Poi ne discutono, e giocano con le parole (anzi, alla fine c’è un vero e proprio gioco, con i vocaboli indicati ad uno ad uno dai presenti).

 

Inseguono suggestioni, si accodano ai rimandi, ora l’uno, ora l’altro aprono nuove piste, e il percorso è sempre suggestivo, va avanti e indietro, non ha schemi prestabiliti, non ha direzioni, non ha padroni. In leggerezza, senza mai niente di pedante, o accademico, sempre in maniera fresca e  invitante. Pura libertà, pura sete di conoscenza, di confronto, di dialogo, di arricchimento interiore. E più bevono dagli autori citati, piuttosto che dai calici di rosso salentino, più hanno sete.

Ah, c’è pure la musica, canzoni alla chitarra dal vivo, a inframmezzare le letture e le audizioni.

L’iniziativa, questo circolo esclusivo, questa elite spirituale, che però è pubblica e aperta a tutti coloro che vogliano parteciparvi, si chiama ‘ROSANTINA, CAMPAGNA DEL SUD’, ed è un “gruppo aperto di letture ad alta voce e di ascolto appassionato”’.

 

L’altra sera, venerdì 1 ottobre, siamo andati a curiosare.

 

Il tema era ‘STRANIERO‘. Il brindisi di benvenuto a inizio serata era ‘A NUOVE PASSIONI‘, come ha proposto e ottenuto Maria Cucurachi (nella foto di copertina, e mentre propone il brano da lei scelto nella foto qui sotto) che, quando non legge libri, fa l’insegnante di italiano e la volontaria in associazioni ambientaliste.

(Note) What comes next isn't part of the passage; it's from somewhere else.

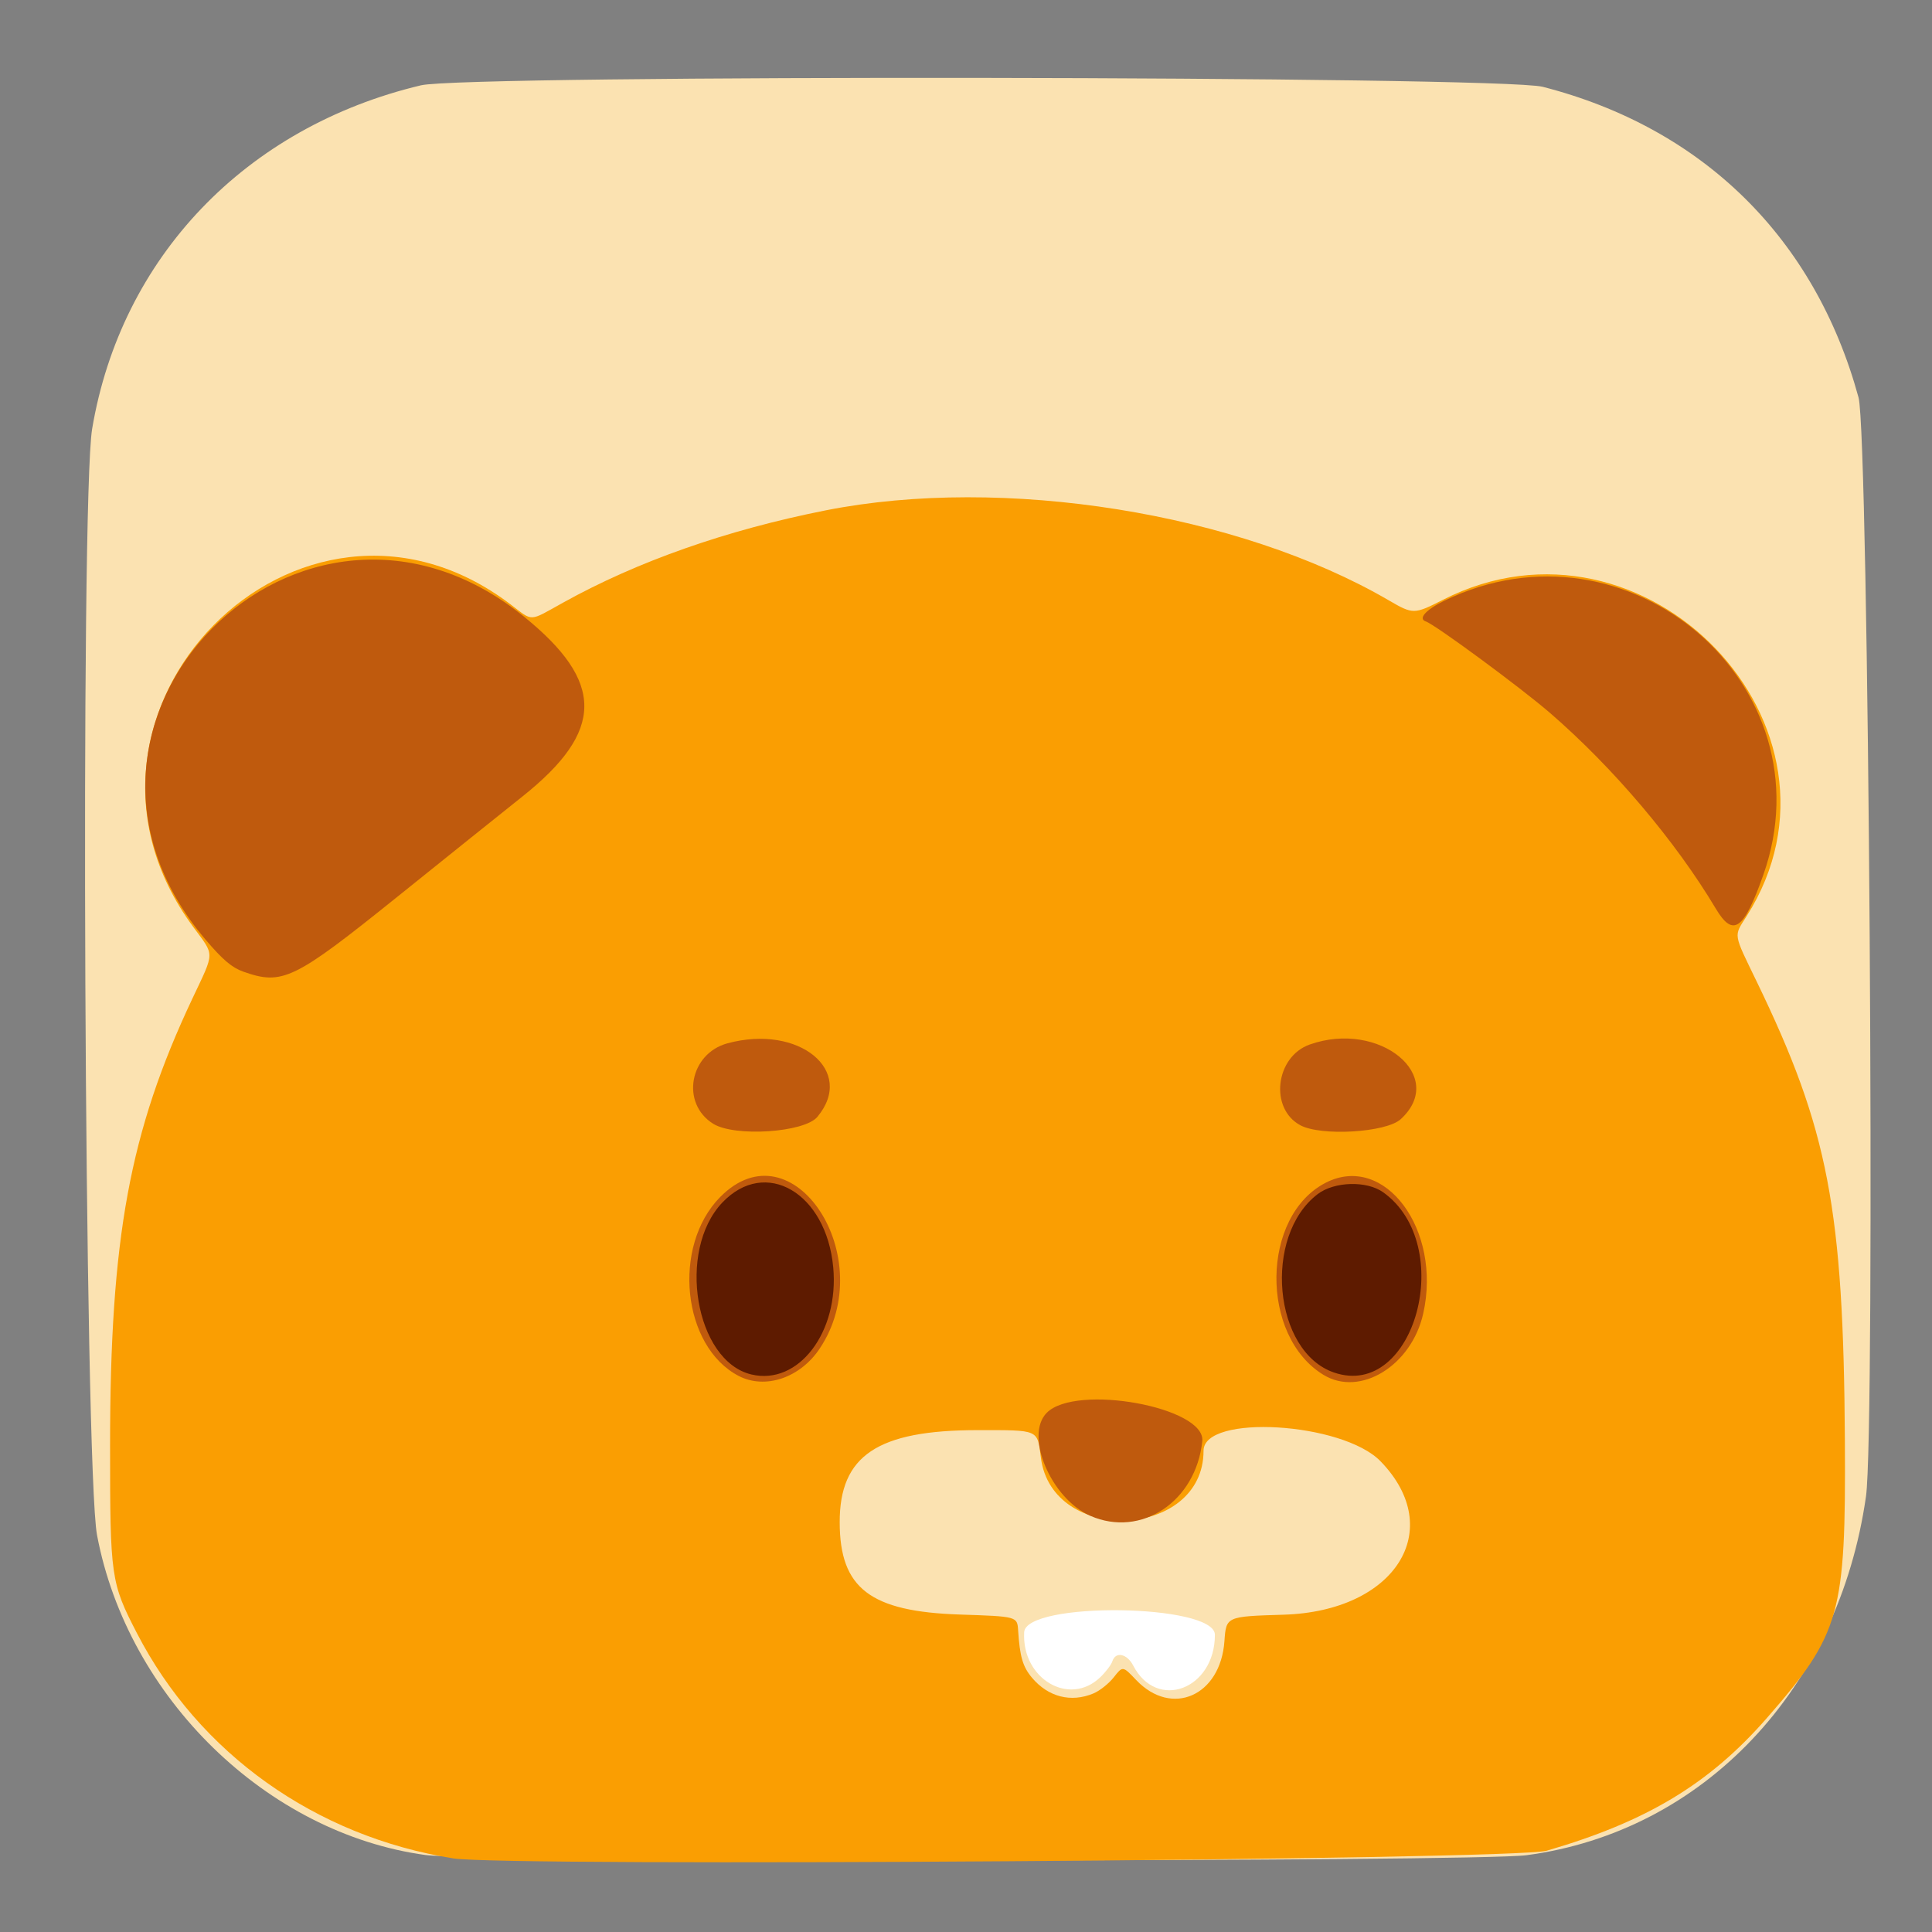 <?xml version="1.0" encoding="UTF-8" standalone="no"?> <svg xmlns:inkscape="http://www.inkscape.org/namespaces/inkscape" xmlns:sodipodi="http://sodipodi.sourceforge.net/DTD/sodipodi-0.dtd" xmlns:xlink="http://www.w3.org/1999/xlink" xmlns="http://www.w3.org/2000/svg" xmlns:svg="http://www.w3.org/2000/svg" height="128px" viewBox="0 0 128 128" width="128px" version="1.1" id="svg22" sodipodi:docname="beaver-notes.svg" inkscape:version="1.3 (0e150ed6c4, 2023-07-21)" xml:space="preserve"><rect x="0" y="0" width="128" height="128" fill="#808080" stroke="none"/><defs id="defs22"><linearGradient id="linearGradient16519" gradientUnits="userSpaceOnUse"><stop stop-color="#4fd2fd" offset="0" id="stop16518" style="stop-color:#9992ad;stop-opacity:1;"></stop><stop stop-color="#4fd2fd" stop-opacity="0" offset="1" id="stop16519"></stop></linearGradient><linearGradient id="linearGradient3698"><stop style="stop-color:#000000;stop-opacity:1;" offset="0" id="stop3700"></stop><stop id="stop3706" offset="0.5" style="stop-color:#0f3f6f;stop-opacity:1;"></stop><stop style="stop-color:#000000;stop-opacity:1;" offset="1" id="stop3702"></stop></linearGradient><linearGradient id="linearGradient3674"><stop style="stop-color:#000000;stop-opacity:1;" offset="0" id="stop3676"></stop><stop style="stop-color:#4f0f00;stop-opacity:1;" offset="1" id="stop3678"></stop></linearGradient><linearGradient id="linearGradient3666"><stop style="stop-color:#3f0f00;stop-opacity:1;" offset="0" id="stop3668"></stop><stop id="stop3671" offset="0.75" style="stop-color:#ff7f2f;stop-opacity:1;"></stop><stop style="stop-color:#ff9f5f;stop-opacity:1;" offset="1" id="stop3670"></stop></linearGradient><linearGradient id="linearGradient3606"><stop style="stop-color:#bfdfff;stop-opacity:1;" offset="0" id="stop3608"></stop><stop id="stop3616" offset="0.2" style="stop-color:#5fafff;stop-opacity:1;"></stop><stop id="stop3614" offset="0.8" style="stop-color:#5fafff;stop-opacity:1;"></stop><stop style="stop-color:#bfdfff;stop-opacity:1;" offset="1" id="stop3610"></stop></linearGradient><style type="text/css" id="style1"> .fil7 {fill:none} .fil2 {fill:#2F2F2F;fill-rule:nonzero} .fil3 {fill:#414141;fill-rule:nonzero} .fil1 {fill:#676767;fill-rule:nonzero} .fil6 {fill:#868686;fill-rule:nonzero} .fil0 {fill:#959595;fill-rule:nonzero} .fil5 {fill:#A0A0A0;fill-rule:nonzero} .fil4 {fill:#BCBCBC;fill-rule:nonzero} </style><pattern inkscape:isstock="true" inkscape:stockid="Stripes 1:1" id="Strips1_1" patternTransform="translate(0,0) scale(10,10)" height="1" width="2" patternUnits="userSpaceOnUse" inkscape:collect="always"><rect id="rect5447" height="2" width="1" y="-0.5" x="0" style="fill:black;stroke:none"></rect></pattern><linearGradient id="linearGradient4727" inkscape:swatch="solid"><stop style="stop-color:#ce5c00;stop-opacity:1;" offset="0" id="stop4725"></stop></linearGradient><pattern patternUnits="userSpaceOnUse" width="55" height="90" patternTransform="translate(-60,50.5)" id="pattern6214"><g style="fill:url(#Strips1_1);fill-opacity:1" transform="translate(-15,-28.5)" id="g4691"><rect style="opacity:0.815;fill:url(#Strips1_1);fill-opacity:1;stroke:none;stroke-width:4.527;stroke-linecap:round;stroke-linejoin:bevel;stroke-miterlimit:17.6;stroke-dasharray:none;stroke-dashoffset:0;stroke-opacity:1;paint-order:stroke fill markers" id="rect4683" width="30" height="30" x="40" y="59" ry="7.9"></rect><path inkscape:connector-curvature="0" style="opacity:0.815;fill:url(#Strips1_1);fill-opacity:1;stroke:none;stroke-width:8.601;stroke-linecap:round;stroke-linejoin:bevel;stroke-miterlimit:17.6;stroke-dasharray:none;stroke-dashoffset:0;stroke-opacity:1;paint-order:stroke fill markers" d="m 15,28.5 v 90 l 45,-45 z" id="path4687"></path></g></pattern><linearGradient id="k" x1="36.418" x2="21.723" y1="218.4" y2="218.4" gradientTransform="matrix(1.021,0,0,0.93,-2.175,-109.41)" xlink:href="#g"></linearGradient><linearGradient id="g" gradientUnits="userSpaceOnUse"><stop stop-color="#4fd2fd" offset="0" id="stop1-2"></stop><stop stop-color="#4fd2fd" stop-opacity="0" offset="1" id="stop2-9"></stop></linearGradient><clipPath id="q"><rect width="192" height="152" id="rect2"></rect></clipPath><mask id="p"><g filter="url(#b)" id="g3"><rect width="128" height="128" fill-opacity=".236" id="rect3"></rect></g></mask><filter id="b" x="0" y="0" width="1" height="1"><feColorMatrix in="SourceGraphic" values="0 0 0 0 1 0 0 0 0 1 0 0 0 0 1 0 0 0 1 0" id="feColorMatrix3"></feColorMatrix></filter><clipPath id="o"><rect width="192" height="152" id="rect4"></rect></clipPath><mask id="n"><g filter="url(#b)" id="g5"><rect width="128" height="128" fill-opacity=".236" id="rect5"></rect></g></mask><clipPath id="m"><rect width="192" height="152" id="rect6"></rect></clipPath><mask id="l"><g filter="url(#b)" id="g7"><rect width="128" height="128" fill-opacity=".236" id="rect7"></rect></g></mask><clipPath id="j"><rect width="192" height="152" id="rect8"></rect></clipPath><mask id="i"><g filter="url(#b)" id="g9"><rect width="128" height="128" fill-opacity=".236" id="rect9"></rect></g></mask><linearGradient id="h" x1="93.539" x2="58.923" y1="240.42" y2="240.42" gradientTransform="matrix(0.975,0,0,0.989,3.05,-170.32)" xlink:href="#linearGradient16519"></linearGradient><clipPath id="f"><rect width="192" height="152" id="rect10"></rect></clipPath><mask id="e"><g filter="url(#b)" id="g11"><rect width="128" height="128" fill-opacity=".236" id="rect11"></rect></g></mask><clipPath id="d"><rect width="192" height="152" id="rect12"></rect></clipPath><mask id="c"><g filter="url(#b)" id="g13"><rect width="128" height="128" fill-opacity=".02" id="rect13"></rect></g></mask><linearGradient id="a" x1="8" x2="120" y1="104" y2="104" gradientUnits="userSpaceOnUse"><stop stop-color="#d5d3cf" offset="0" id="stop13"></stop><stop stop-color="#e4e1de" offset=".036" id="stop14"></stop><stop stop-color="#d5d3cf" offset=".071" id="stop15"></stop><stop stop-color="#d5d3cf" offset=".929" id="stop16"></stop><stop stop-color="#e4e1de" offset=".964" id="stop17"></stop><stop stop-color="#d5d3cf" offset="1" id="stop18"></stop></linearGradient><linearGradient id="linearGradient1" x1="36.418" x2="21.723" y1="218.4" y2="218.4" gradientTransform="matrix(1.021,0,0,0.93,19.925,-158.688)" xlink:href="#g"></linearGradient><linearGradient id="linearGradient2" x1="36.418" x2="21.723" y1="218.4" y2="218.4" gradientTransform="matrix(1.021,0,0,0.93,-2.175,-141.41)" xlink:href="#g"></linearGradient><linearGradient id="linearGradient3" x1="36.418" x2="21.723" y1="218.4" y2="218.4" gradientTransform="matrix(1.021,0,0,0.93,-2.175,-125.41)" xlink:href="#g"></linearGradient><style id="style1-1">.cls-1{fill:#27273d;}.cls-2{fill:#00b564;}.cls-3{fill:#4acc97;}.cls-4{fill:#02a054;}.cls-5{fill:#42b785;}.cls-6{fill:#fff;}.cls-7{fill:#e2e2e2;}.cls-8{fill:#32314b;}.cls-9{fill:#212133;}.cls-10{fill:#f6d372;}.cls-11{fill:#ccc;}.cls-12{fill:#edc35a;}.cls-13{fill:#f7bb38;}</style><linearGradient id="paint0_linear" x1="51" y1="10" x2="11" y2="50" gradientUnits="userSpaceOnUse"><stop stop-color="#6EB4D9" id="stop9" offset="0" style="stop-color:#7699ac;stop-opacity:1;"></stop><stop offset="1" stop-color="#004E6E" id="stop10"></stop></linearGradient><linearGradient id="paint1_linear" x1="8" y1="8" x2="48" y2="48" gradientUnits="userSpaceOnUse"><stop stop-color="#44F0D3" id="stop11"></stop><stop offset="1" stop-color="#3DAEE9" id="stop12"></stop></linearGradient><linearGradient id="paint2_linear" x1="43" y1="18" x2="19.585" y2="-11.268" gradientUnits="userSpaceOnUse"><stop stop-color="#D1D5D9" id="stop13-5"></stop><stop offset="1" stop-color="#FCFFFF" id="stop14-9"></stop></linearGradient><linearGradient id="paint3_linear" x1="38" y1="25" x2="14.02" y2="0.021" gradientUnits="userSpaceOnUse"><stop stop-color="#D1D5D9" id="stop15-2"></stop><stop offset="1" stop-color="#FCFFFF" id="stop16-2"></stop></linearGradient><linearGradient id="paint4_linear" x1="33" y1="32" x2="9.393" y2="12.328" gradientUnits="userSpaceOnUse"><stop stop-color="#D1D5D9" id="stop17-8"></stop><stop offset="1" stop-color="#FCFFFF" id="stop18-9"></stop></linearGradient></defs><linearGradient id="w" gradientTransform="matrix(0.791, 0, 0, 0.075, 17.109, 9.136)" gradientUnits="userSpaceOnUse" x1="5" x2="11" y1="241" y2="241"><stop offset="0" stop-color="#555458" id="stop1"></stop><stop offset="1" stop-color="#77767b" id="stop2"></stop></linearGradient><style type="text/css" id="style1-9"> .st0{fill:#AAB1BA;} .st1{fill:#FDDF7F;} .st2{fill:#ECF4F7;} .st3{fill:#83E1E5;} .st4{fill:#1C1D21;} .st5{fill:none;} </style><rect style="opacity:1;fill:#ffffff;fill-opacity:1;fill-rule:evenodd;stroke:none;stroke-width:4.825;stroke-linecap:square;stroke-dasharray:none;stroke-opacity:1;paint-order:stroke markers fill" id="rect16935" width="26.772" height="14.646" x="61.312" y="103.197" ry="7.323"></rect><g style="fill:none" id="g16725" transform="matrix(0.618,0,0,0.618,-95.075,-51.002)"><g id="g16932" transform="translate(-3.147,-6.868)"><path style="fill:#fbe2b1" d="m 202.622,288.265 c -16.999,-2.315 -31.945,-16.865 -35.229,-34.297 -1.353,-7.178 -1.811,-110.949 -0.524,-118.601 3.095,-18.397 16.447,-32.348 35.247,-36.825 4.87,-1.16 115.688,-1.013 120.259,0.159 17.173,4.404 29.197,16.232 33.861,33.312 1.097,4.019 1.819,110.634 0.797,117.806 -2.94,20.64 -17.419,35.945 -36.386,38.462 -5.582,0.741 -112.575,0.725 -118.025,-0.017 z m 72.317,-19.055 c 0.598,-0.573 1.185,-1.348 1.303,-1.723 0.339,-1.068 1.57,-0.816 2.228,0.456 2.535,4.903 8.76,2.566 8.763,-3.289 0.002,-3.329 -20.265,-3.601 -20.447,-0.274 -0.272,4.984 4.834,8.009 8.152,4.83 z" id="path16935"></path><path style="fill:#fa9e02" d="m 205.563,288.622 c -14.761,-2.365 -27.236,-11.252 -33.895,-24.145 -2.795,-5.412 -2.878,-5.989 -2.878,-20.098 0,-22.285 2.092,-33.653 8.82,-47.92 2.427,-5.147 2.42,-4.533 0.088,-7.7 -16.908,-22.958 11.391,-51.728 34.015,-34.58 2.479,1.879 1.903,1.898 5.658,-0.186 7.966,-4.421 17.53,-7.781 28.138,-9.884 19.018,-3.771 44.251,0.259 60.355,9.64 2.619,1.526 2.723,1.525 5.827,-0.057 21.665,-11.041 45.386,13.676 32.549,33.917 -1.404,2.214 -1.479,1.731 1.097,7.057 7.658,15.828 9.285,24.31 9.434,49.191 0.112,18.604 -0.47,20.675 -8.342,29.696 -6.179,7.081 -12.895,11.13 -23.642,14.252 -3.394,0.986 -111.469,1.741 -117.225,0.818 z m 68.642,-17.678 c 0.678,-0.283 1.663,-1.065 2.189,-1.737 0.956,-1.222 0.956,-1.222 2.399,0.294 3.815,4.011 9.048,1.704 9.462,-4.171 0.187,-2.644 0.187,-2.644 6.347,-2.831 11.976,-0.363 17.504,-9.117 10.388,-16.449 -4.078,-4.202 -18.974,-5.088 -18.974,-1.128 0,9.484 -16.235,10.179 -17.438,0.746 -0.39,-3.06 -0.15,-2.955 -6.774,-2.955 -10.743,0 -14.81,2.72 -14.795,9.893 0.015,7.063 3.268,9.559 12.873,9.876 6.16,0.204 6.16,0.204 6.256,1.697 0.181,2.825 0.496,3.901 1.487,5.078 1.736,2.063 4.18,2.689 6.58,1.687 z" id="path16934"></path><path style="fill:#bf5a0d" d="m 273.882,251.901 c -4.227,-1.847 -7.091,-8.63 -4.667,-11.055 3.139,-3.139 17.046,-0.595 16.666,3.048 -0.677,6.473 -6.545,10.389 -11.999,8.007 z M 236.176,236.899 c -6.049,-3.146 -7.167,-13.895 -1.993,-19.161 7.779,-7.918 17.229,6.479 10.668,16.252 -2.102,3.131 -5.838,4.384 -8.675,2.909 z m 62.696,-0.113 c -6.845,-4.174 -6.687,-17.062 0.253,-20.602 6.31,-3.219 12.454,5.034 10.442,14.027 -1.251,5.592 -6.757,8.976 -10.694,6.575 z m -65.425,-26.919 c -3.504,-2.184 -2.549,-7.522 1.543,-8.627 7.655,-2.067 13.758,2.936 9.625,7.891 -1.403,1.682 -8.862,2.174 -11.168,0.737 z m 62.933,0.155 c -3.318,-1.8 -2.663,-7.347 1.022,-8.65 7.47,-2.641 14.8,3.379 9.749,8.008 -1.561,1.431 -8.549,1.847 -10.771,0.642 z M 183.059,193.556 c -1.202,-0.425 -2.2,-1.273 -4.029,-3.424 -19.862,-23.353 10.228,-53.93 34.104,-34.655 8.695,7.019 8.667,12.288 -0.105,19.281 -2.259,1.801 -8.307,6.65 -13.44,10.777 -11.106,8.928 -12.313,9.514 -16.531,8.021 z m 157.868,-6.759 c -4.308,-7.223 -10.99,-15.11 -17.766,-20.97 -3.136,-2.712 -12.319,-9.476 -13.315,-9.809 -0.865,-0.288 -3.7e-4,-1.259 1.979,-2.221 19.747,-9.606 41.403,9.014 34.197,29.404 -2.094,5.924 -3.228,6.725 -5.095,3.596 z" id="path16933"></path><path style="fill:#5e1b00" d="m 237.539,236.744 c -6.019,-1.44 -8.018,-13.263 -3.116,-18.425 4.621,-4.866 11.145,-1.064 11.892,6.931 0.65,6.959 -3.734,12.7 -8.775,11.494 z m 62.476,-0.203 c -6.513,-2.219 -7.659,-14.635 -1.767,-19.13 1.785,-1.361 5.255,-1.46 7.021,-0.2 7.915,5.646 3.395,22.277 -5.254,19.33 z" id="path16932"></path></g></g></svg>

A leccecronaca.it ha spiegato poi il significato del titolo della rassegna settimanale del venerdì sera.

 

‘Ntina Rosa è una donna di Minervino che, nel 1907, scrive tre lettere di competenza letteraria e amorosa. Scrive al proprio amante e amato. Libera, assurdamente libera, dalla campagna del Sud, zolle di feudo e patriarcato, padrona delle lettere e di una passione che sa realizzare.
– Come l’avete scoperta?
– Una sera che ci sentivamo un po’ persi e senza nome, qualcuno iniziò a leggere “Mio Liliaceo… firmato ‘Ntina Rosa, campagna del Sud”.
Fu una deflagrazione, una rivelazione…
– Ci spieghi meglio…
– Sentiamo che è Lei a portare luce. Ci ritroviamo nel suo nome, nella libertà, nelle radici assolate. E così da ‘Ntina Rosa nasce Rosantina, Campagna del Sud, il nome che ci siamo dati.
La storia di ‘Ntina Rosa e del rocambolesco ritrovamento delle sue tre lettere d’amore, fra le pagine di un dizionario di francese usato acquistato in un mercatino di Torino, è stata raccontata da  Francesco Pasca nel suo libro ‘Il gesto. Giano: idea di fili senza spessore’, Lupo editore.
 

– Chi sono i più assidui frequentatori di ROSANTINA, CAMPAGNA DEL SUD, gli habitué   diciamo? Ci può fare qualche nome?-

– Sono tantissimi, potrei citare almeno trenta nomi e storie diversissime, tra cui molti poeti, artisti, viaggiatori, accomunati dalla lettura e dall’ascolto. Una professoressa di chimica che interpreta pitture e fotografie, un artista contadino e poeta, avvocate e avvocati poeti e cultori degli scrittori contemporanei, un emigrato dal nord, scrittore, che è ritornato al sud per ritrovarsi, una restauratrice che cura le foto dei post sulla nostra pagina FB, un’amante delle poesie francesi, un giovane scrittore e chef girovago che ad ogni ritorno a Lecce viene a leggere con noi, una fotografa che coglie lo spirito di chi legge e ascolta in ritratti sapientissimi (sue le foto della mostra tenutasi nell’estate del 2020 nel chiostro dell’ex Convitto Palmieri, di cui riproduciamo una qui sotto, ndr), un ecologista con accento londinese, un cantante poeta con il cappello…E tante e tanti altri ancora…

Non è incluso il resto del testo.